Cerebro previously housed two RTX 2060 Super GPUs and served as the lab’s primary inference machine. That role has moved to Colmena. One 2060 Super (Michael’s testing card) migrated to Colmena for LocoBench duties. The other remains in Cerebro, dedicated to CloudCore Networks inference.
CloudCore Networks is a separate project from LocoLLM and LocoBench — a virtual business populated with AI chatbot employees, each with unique backstories, which students interview to extract requirements and understand business problems as part of assessed work. It runs independently and is not part of the benchmarking or fine-tuning infrastructure.
Best at: Running CloudCore Networks. Staying out of the way.
Fleet at a Glance
Section titled “Fleet at a Glance”| Machine | Project | GPU | VRAM | Memory BW | Tensor Cores | Primary Role |
|---|---|---|---|---|---|---|
| Poco (MacBook M1) | LocoLLM | Apple M1 GPU | 16 GB unified | 68 GB/s | No | Remote terminal, Apple Silicon testing |
| Colmena (WEIHO 8-GPU) | LocoLLM / LocoBench | 1050 Ti + 2060S + 3060 | 4/8/12 GB | 112-448 GB/s | Yes (2060S, 3060) | Benchmarking, multi-GPU research |
| Burro (IBM x3500 M4 + P100) | LocoLLM | Tesla P100 | 16 GB HBM2 | 732 GB/s | No | Overnight training, high-fidelity LoRA |
| Peque (Dell Optiplex + 1650) | LocoLLM | GTX 1650 OC | 4 GB GDDR6 | 192 GB/s | Yes (Turing) | Reference node, minimum viable inference |
| Cerebro (Ryzen 5 2600) | CloudCore | RTX 2060 Super | 8 GB | 448 GB/s | Yes (Turing) | CloudCore Networks simulation |
Hardware Notes
Section titled “Hardware Notes”The specific hardware here isn’t prescriptive. The P100 doesn’t require an IBM server — it needs a PCIe x16 slot, adequate power, and airflow over a passively cooled card. Colmena doesn’t require this exact GPU lineup — any PCIe cards work. The Optiplex doesn’t require a 1650 — any low-profile CUDA card with 4 GB fits the role.
What matters for replication is capability tier, not specific parts. Match the VRAM range and CUDA support, source whatever is available locally at the time.
Why Nvidia only? The entire local LLM toolchain — Ollama, llama.cpp, PyTorch, bitsandbytes, Unsloth — targets CUDA first. AMD’s ROCm stack exists and is improving, but driver support is narrower, community troubleshooting is thinner, and the tooling friction is meaningfully higher. Intel Arc is earlier still. For a lab that needs to work reliably with minimal sysadmin overhead, CUDA is the only practical choice today.
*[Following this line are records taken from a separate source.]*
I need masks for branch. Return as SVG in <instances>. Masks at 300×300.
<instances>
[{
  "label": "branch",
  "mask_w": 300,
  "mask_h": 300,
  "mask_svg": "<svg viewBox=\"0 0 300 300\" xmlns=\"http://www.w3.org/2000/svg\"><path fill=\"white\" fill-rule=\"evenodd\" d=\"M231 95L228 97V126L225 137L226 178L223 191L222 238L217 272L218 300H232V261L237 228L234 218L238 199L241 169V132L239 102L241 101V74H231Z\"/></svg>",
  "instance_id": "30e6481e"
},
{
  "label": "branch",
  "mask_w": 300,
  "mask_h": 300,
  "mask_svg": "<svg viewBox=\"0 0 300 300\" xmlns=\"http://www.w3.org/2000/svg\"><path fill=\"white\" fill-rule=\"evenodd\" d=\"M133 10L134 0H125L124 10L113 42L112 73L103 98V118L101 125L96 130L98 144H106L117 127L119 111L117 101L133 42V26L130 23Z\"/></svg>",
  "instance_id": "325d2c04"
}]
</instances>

The secondhand market reinforces this. The cryptocurrency mining boom flooded resale channels with Nvidia consumer cards at accessible prices. AMD equivalents at the same VRAM tiers are rarer and less standardised. And the overwhelming majority of users running local LLMs on consumer hardware are on Nvidia — LocoBench floor cards need to represent what people actually have.
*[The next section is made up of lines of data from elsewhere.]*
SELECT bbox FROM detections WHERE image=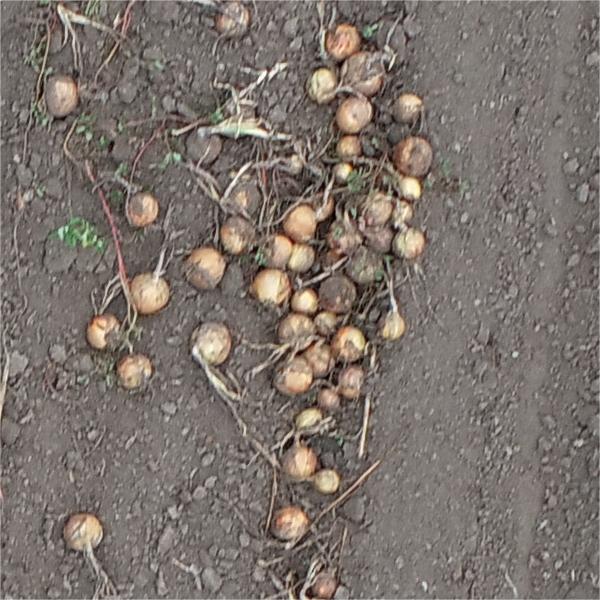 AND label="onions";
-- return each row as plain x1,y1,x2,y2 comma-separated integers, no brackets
377,307,405,340
85,312,115,346
209,0,248,34
331,324,368,362
264,236,293,267
335,369,362,397
290,287,318,313
312,194,333,219
397,176,421,197
284,443,317,477
346,249,381,283
305,566,337,596
334,95,373,130
113,353,152,388
391,202,414,227
228,180,261,217
189,130,220,165
332,163,359,186
183,245,225,288
293,407,328,435
357,224,393,252
44,75,79,115
275,359,312,394
392,91,421,121
190,324,229,365
305,65,338,100
391,226,424,258
317,276,354,315
316,389,340,409
275,312,314,346
342,50,385,92
251,267,292,304
122,190,159,225
324,23,360,58
60,513,102,549
128,272,168,312
311,469,338,495
335,133,361,158
219,216,255,254
331,220,363,253
286,242,315,271
362,190,395,224
391,136,431,175
299,342,331,376
271,503,307,541
314,310,338,335
283,204,316,239

Apple Silicon is the exception, and Poco covers that path via Metal and MLX. If ROCm matures to the point where an AMD card is a genuine drop-in for Ollama inference, it becomes a candidate for a Colmena slot. That day isn’t today.
The lab exists at this price point deliberately. Frontier model access on premium hardware — cloud APIs, Apple Silicon, high-end workstations — is available, but it concentrates AI capability around cost. A lab built from secondhand consumer hardware makes the same workflows accessible to anyone willing to learn the stack. Smaller models on modest hardware are genuinely useful for exploration, brainstorming, and iteration. That use case doesn’t require a frontier model and doesn’t require expensive hardware. It requires understanding what you’re doing — which is the point of the lab.